We have already demonstrated earlier that catalysis mediated by enzyme sponsored diffusible species can be very specific (regarding the preference of substrates, location of action within the substrate etc.) and projected the importance of the same (Manoj 2006). In those reactions also, the reactivity was afforded at the most energetically favored locus, quite akin to CYPs. So, it is seen that the CPO model is quite relevant to CYPs, in terms of some aspects of the overall phenomenology. Now, ROS in CYP reactions need not be seen as a result of an inefficient enzyme or inefficient substrate (or their combination, together with “badly chosen” or “unoptimized” reaction parameters) alone. Earlier, the binding of substrate molecules within the active site was supposed to account for and/or prevent such eventualities. This is now seen to be a redundant concept. The liver microsomes have no way of getting to know what substrates they would meet.
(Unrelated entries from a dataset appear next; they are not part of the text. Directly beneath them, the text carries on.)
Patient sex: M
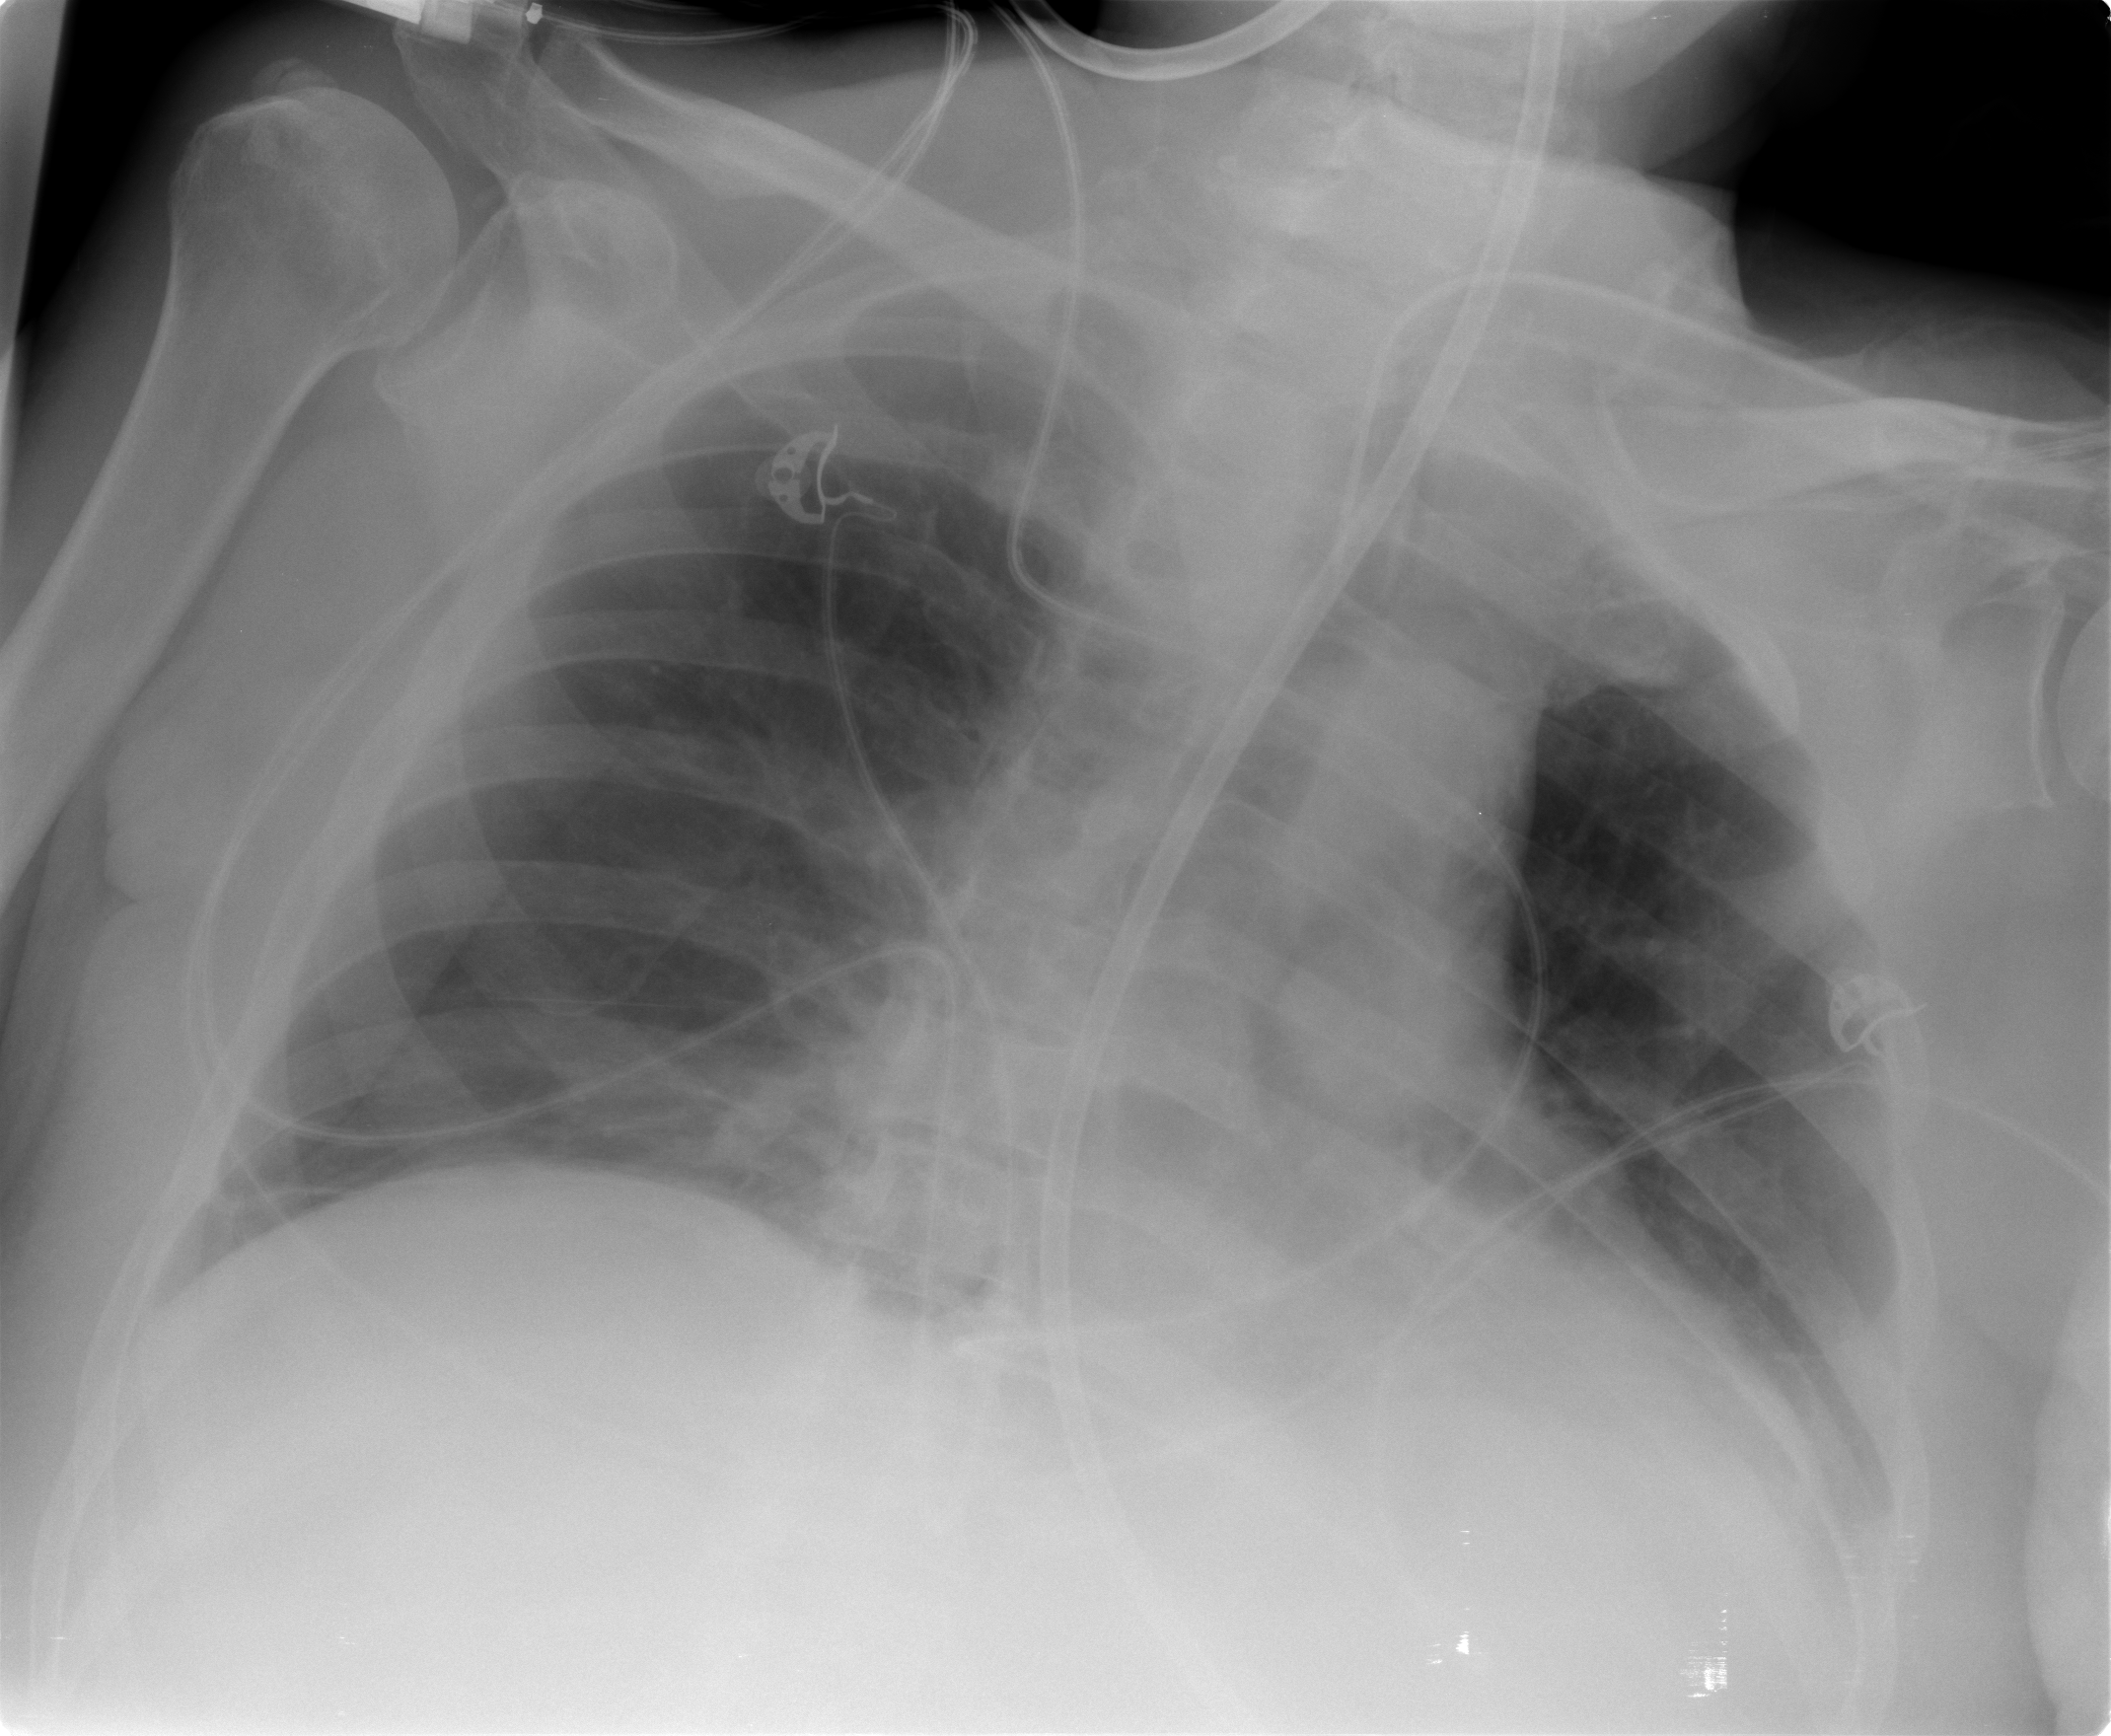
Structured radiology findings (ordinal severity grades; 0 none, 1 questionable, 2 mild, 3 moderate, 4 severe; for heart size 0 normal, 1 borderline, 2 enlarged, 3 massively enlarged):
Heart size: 1
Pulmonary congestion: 2
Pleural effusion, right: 2
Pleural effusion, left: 0
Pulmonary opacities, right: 0
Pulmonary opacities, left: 0
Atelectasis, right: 2
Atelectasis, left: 2
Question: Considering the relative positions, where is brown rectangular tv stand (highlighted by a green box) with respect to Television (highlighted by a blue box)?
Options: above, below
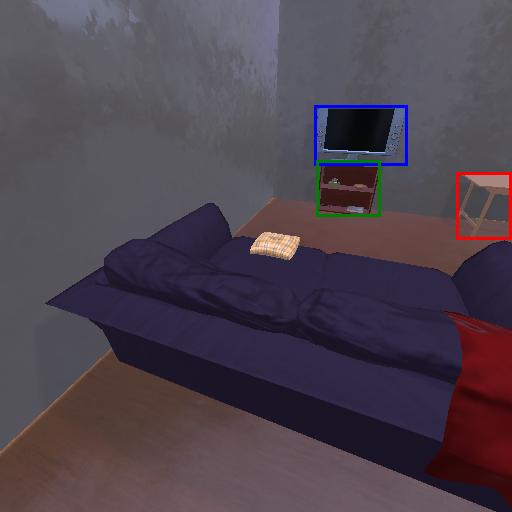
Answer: above
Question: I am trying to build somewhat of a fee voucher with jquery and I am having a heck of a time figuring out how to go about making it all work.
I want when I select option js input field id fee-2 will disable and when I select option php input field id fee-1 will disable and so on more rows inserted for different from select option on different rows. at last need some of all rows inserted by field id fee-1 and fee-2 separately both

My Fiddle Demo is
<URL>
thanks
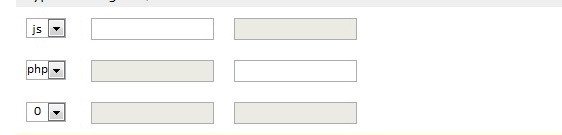
Answer: '''
$("#mytable").on("change", "select", function () {
var getSelectValue = $(this).val();
if (getSelectValue == 1) {
$(this).parents('td').next().find('#fee-2').prop('disabled', true);
$(this).parents('td').next().next().find('#fee-1').prop('disabled', false);
} else {
$(this).parents('td').next().find('#fee-2').prop('disabled', false);
$(this).parents('td').next().next().find('#fee-1').prop('disabled', true);
}
});
'''
<URL>
Have added two classes to the textbox .i.e 'fee_course_1,fee_course_2' so we can loop over it and get sum values
'''
$("#calsum").click(function () {
var sum_fee_1 = 0;
var sum_fee_2 = 0;
$('.fee_course_1').each(function () {
sum_fee_1 += Number($(this).val());
});
$('.fee_course_2').each(function () {
sum_fee_2 += Number($(this).val());
});
alert("Fee_1 = " + sum_fee_1 + " and Fee_2 = " + sum_fee_2);
});
'''
<URL>

So, the evolutionary agenda is addressed by the combination of CYP-CPR-NADPH-diradical oxygen (in lipid microenvironment). Herein, we have provided meta-analyses, arguments and extensive ‘in silico’ findings based on currently available docking programs (which use scoring functions for spatial complementarities, electrostatics/molecular force fields) to support the deductions that-

(1)Well-defined spatio-temporal constraints are not very evident in several CYP reactions. This finding is highly unlike a phenomenon occurring at occluded centres such as the heme distal site. Therefore, the heme distal pocket may be relatively passive in ‘interactions’ with several xenobiotic substrates. (2) The newly proposed murburn hypothesis explains key experimental and theoretical aspects of CYP reaction system.